STEP 2: CALCULATE YOUR ACTUAL HOPE TAX (10 minutes)


Track this for one week. Every time you play "the optimistic one," make a tally mark.


Count honestly:


  • Cabinet meetings where you reframe challenges
  • One-on-ones where you "help them see differently"
  • Emails where you provide encouraging perspective
  • Hallway conversations where someone needs hope injection


Then do the math:


[Number of instances] × 15 minutes each × $125/hour × 47 weeks = Your Annual Hope Tax


For the president who hit 23 instances in five days? That's $32,662.50 annually.


That's not a rounding error. That's a full-time staff position you're filling with your emotional labor while wondering why you don't have time for strategic thinking.


Write the number down. Show it to someone. Maybe your spouse, who's been asking why you're exhausted on weekends.

Your Hope Tax isn't a leadership development expense. It's a leadership design flaw that's been costing you actual money and time you'll never get back.


STEP 3: THE AGENCY REDISTRIBUTION CONVERSATION (20 minutes at next cabinet meeting)


This is the uncomfortable one. This is where you name the pattern that everyone's been experiencing but nobody's been saying.

Add this to your next cabinet agenda: "Team development conversation: Hope infrastructure"

Then say this (or your version of this):


"I've noticed a pattern in our meetings, and I want to name it and see if you're noticing it too."

I think I've accidentally trained us that my job is to see possibility and your job is to see obstacles. That wasn't intentional, but I think it's happening. And I think it's making us less effective as a team.


Not because you can't see possibility—you absolutely can. But because I keep doing it for you before you have to. So you've stopped practicing that muscle.


What if we practiced seeing possibility together? What would that look like?"


Pause. Let that land. Count to 10 again.


Then:


"I'm not going to stop being optimistic. But I am going to stop being the only person who's optimistic. Starting today."

Uncomfortable? Extremely.


Necessary? Absolutely.


Will someone say "but isn't providing vision and hope literally your job as leader?" Probably your CFO.


Your response:


"My job is to build a team that can lead even when I'm not in the room. Right now, I'm accidentally preventing that by providing something you need to learn to generate yourselves."

This won't feel natural. It will feel like you're withholding something they need.


You're not. You're teaching them to build what you've been loaning.


There's a difference.


Pause here. Comment "47 SECONDS" if you're willing to try the awkward silence experiment at your next meeting. I want to see how many leaders are brave enough to stop talking.


OBJECTION HANDLING


"But we don't have time for this philosophical conversation about hope. We have actual crises."


You're currently spending 15+ hours per month being the hope dealer. That's 180 hours per year.
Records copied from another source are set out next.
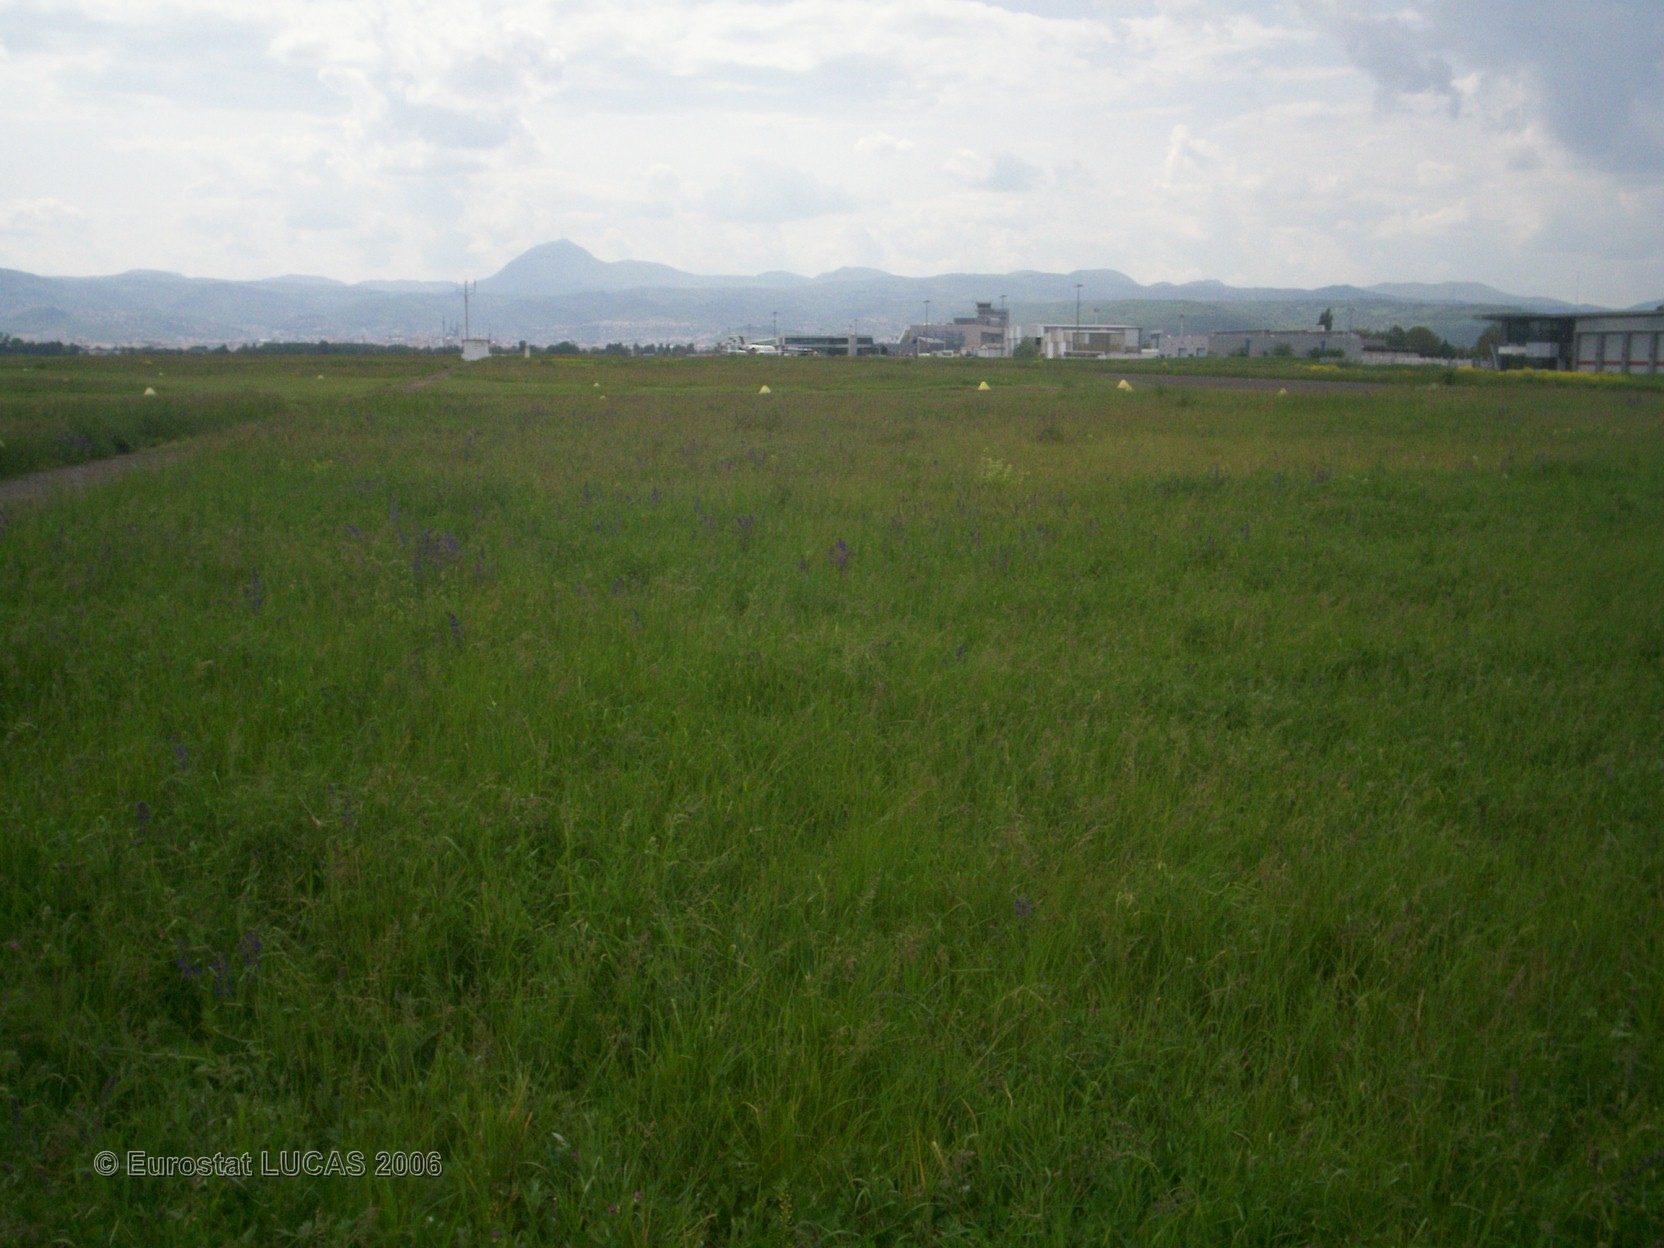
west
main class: Grassland
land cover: Grassland without tree/shrub cover
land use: Air transport
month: May
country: FR
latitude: 45.7893
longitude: 3.1693

That's 4.5 weeks of full-time work.


You don't have time NOT to fix this.


Also, this isn't philosophical. This is operational. Your team can't function independently because you've accidentally made yourself indispensable for basic optimism. That's not crisis management. That's crisis creation with inspirational language.


"What if I stop providing hope and they just spiral into negativity?"

Then you've discovered the actual state of your team's agency, and you can finally address the real problem instead of decorating around it with motivational speeches.


But here's what actually happens: When you stop filling every silence with optimism, someone else will. Maybe not immediately. Maybe not eloquently. But they will.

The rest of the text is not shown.